Thermal Hydraulic Analysis of a Nuclear Reactor Due to Loss of Coolant Accident With and Without Emergency Core Cooling System
Keywords:LOCA, VVER-1200, PCTRAN, ECCS, Thermal-hydraulic Behavior
This paper evaluates the thermal hydraulic behavior of a pressurized water reactor (PWR) when subjected to the event of Loss of Coolant Accident (LOCA) in any channel surrounding the core. The accidental break in a nuclear reactor may occur to circulation pipe in the main coolant system in form of small fracture or equivalent double-ended rupture of largest pipe connected to primary circuit line resulting potential threat to other systems, unwanted core shut down, radioactivity release into environment. In this computational study, LOCA for generation III+ VVER-1200 reactor has been carried out for arbitrary break at cold leg section with and without Emergency Core Cooling System (ECCS). PCTRAN, a thermal-hydraulic model-based software developed using real data and computational approach incorporating reactor physics and control system.
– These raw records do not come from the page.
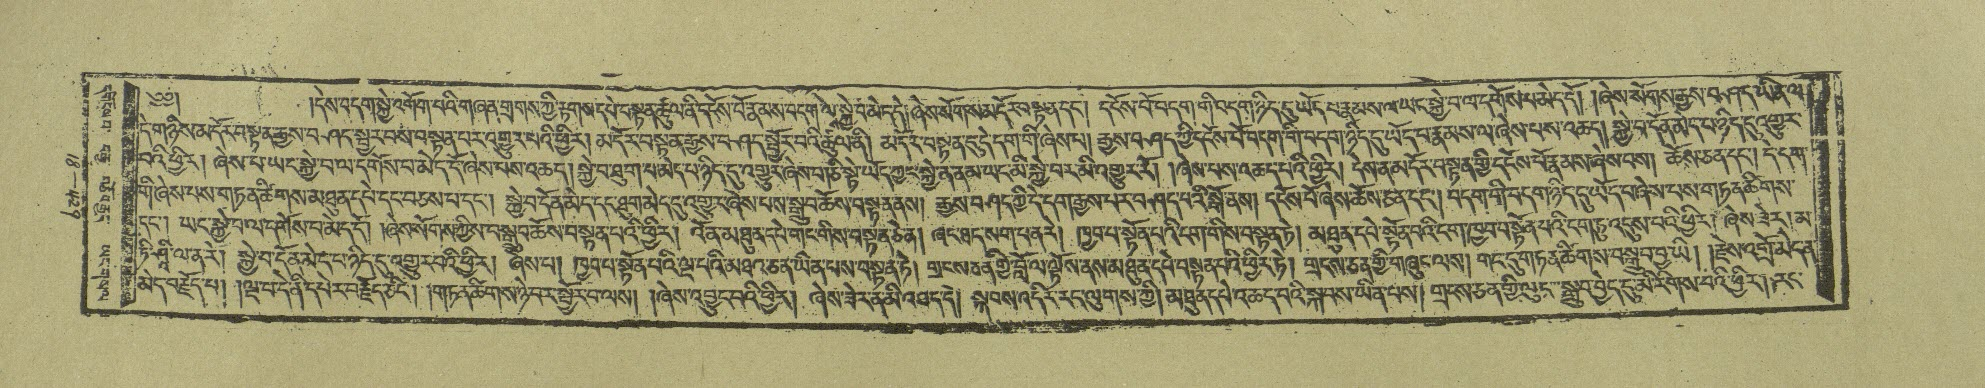༄༅། །དེས་བདག་སྐྱེ་འགོག་པའི་གཞན་གྲགས་ཀྱི་རྟགས་དཔེ་བསྟན་ཚུལ་ནི་དངོས་པོ་རྣམས་བདག་ལ་སྐྱེ་བ་མེད་དེ། ཞེས་སོགས་མདོར་བསྟན་དང་། དངོས་པོ་བདག་གི་བདག་ཉིད་དུ་ཡོད་པ་རྣམས་ལ་ཡང་སྐྱེ་བ་ལ་དགོས་པ་མེད་དོ། །ཞེས་སོགས་རྒྱས་བཤད་ཡིན་ལ་
དེ་གཉིས་མདོར་བསྟན་རྒྱས་བཤད་སྦྱར་བས་བསྟན་པར་འགྱུར་པའི་ཕྱིར། མདོར་བསྟན་རྒྱས་བཤད་སྦྱོར་བའི་ཚུལ་ནི། མདོར་བསྟན་དུ་དེ་དག་གི་ཞེས་པ། རྒྱས་བཤད་ཀྱི་དངོས་པོ་བདག་གི་བདག་ཉིད་དུ་ཡོད་པ་རྣམས་ལ་ཞེས་པས་འཆད། སྐྱེ་བ་དོན་མེད་པ་ཉིད་དུ་འགྱུར་
བའི་ཕྱིར། ཞེས་པ་ཡང་སྐྱེ་བ་ལ་དགོས་པ་མེད་དོ་ཞེས་པས་འཆད། སྐྱེ་བ་ཐུག་པ་མེད་པ་ཉིད་དུ་འགྱུར་ཞེས་པ། ཅི་སྟེ་ཡོད་ཀྱང་སྐྱེ་ན་ནམ་ཡང་མི་སྐྱེ་བར་མི་འགྱུར་རོ། །ཞེས་པས་འཆད་པའི་ཕྱིར། དེས་ན་མདོར་བསྟན་གྱི་དངོས་པོ་རྣམས་ཞེས་པས། ཆོས་ཅན་དང་། དེ་དག་
གི་ཞེས་པས་གཏན་ཚིགས་མཐུན་དཔེ་དང་བཅས་པ་དང་། སྐྱེ་བ་དོན་མེད་དང་ཐུག་མེད་དུ་འགྱུར་ཞེས་པས་སྒྲུབ་ཆོས་བསྟན་ནས། རྒྱས་བཤད་ཀྱི་དེ་དག་རྒྱས་པར་བཤད་པའི་སྒོ་ནས། དངོས་པོ་ཞེས་ཆོས་ཅན་དང་། བདག་གི་བདག་ཉིད་དུ་ཡོད་པ་ཞེས་པས་གཏན་ཚིགས་
དང་། ཡང་སྐྱེ་བ་ལ་དགོས་པ་མེད་དོ། །ཞེས་སོགས་ཀྱིས་བསྒྲུབ་ཆོས་བསྟན་པའི་ཕྱིར། འོ་ན་མཐུན་དཔེ་གང་གིས་བསྟན་ཅེ་ན། ཞང་ཐང་སག་པ་ན་རེ། ཁྱབ་པ་སྟོན་པའི་ངག་གིས་བསྟན་ཏེ། མཐུན་དཔེ་སྟོན་པའི་ངག་ཁྱབ་པ་སྟོན་པའི་ངག་ཏུ་འདུས་པའི་ཕྱིར། ཞེས་ཟེར། མ་
ཏི་ཤཱི་ལ་ན་རེ། སྐྱེ་བ་དོན་མེད་པ་ཉིད་དུ་འགྱུར་བའི་ཕྱིར། ཞེས་པ། ཁྱབ་པ་སྟོན་པའི་ལྔ་པའི་མཐའ་ཅན་ཡིན་པས་བསྟན་ཏེ། གྲངས་ཅན་གྱི་བློ་ལ་ལྟོས་ནས་མཐུན་དཔེ་བསྟན་པའི་ཕྱིར་ཏེ། གྲངས་ཅན་གྱི་གཞུང་ལས། གང་དུ་གཏན་ཚིགས་བསྒྲུབ་བྱ་ཡི། །རྗེས་འགྲེ་མེད་ན་
མེད་བརྗོད་པ། །ལྔ་པ་དེ་ནི་དཔེར་བརྗོད་ཅིང་། །གཏན་ཚིགས་ཉེ་བར་སྦྱོར་བ་ལས། །ཞེས་འབྱུང་བའི་ཕྱིར། ཞེས་ཟེར་ན་མི་འཐད་དེ། སྐབས་འདིར་རང་ལུགས་ཀྱི། མཐུན་དཔེ་འཆད་པའི་སྐབས་ཡིན་པས། གྲངས་ཅན་གྱི་ལུང་སྒྲུབ་བྱེད་དུ་མི་རིགས་པའི་ཕྱིར། རང་

The software enables to test the consequences related to reactor core operations by monitoring different operating variables in the system control bar. Two types of analysis were performed -500% area break at cold leg pipe due to small break LOCA caused by malfunction of the system with and without availability of ECCS. Thermal hydraulic parameters like reactor pressure, critical heat flux, temperature distribution in different sections of reactor core have been investigated. The flow in reactor cooling system, steam generators steam with feed-water flow, coolant steam flow through leak, power distribution in core and turbine were plotted to analyze their behavior during the operations. The simulation showed that, LOCA with unavailability of ECCS resulted in core meltdown and release of radioactivity after a specific time.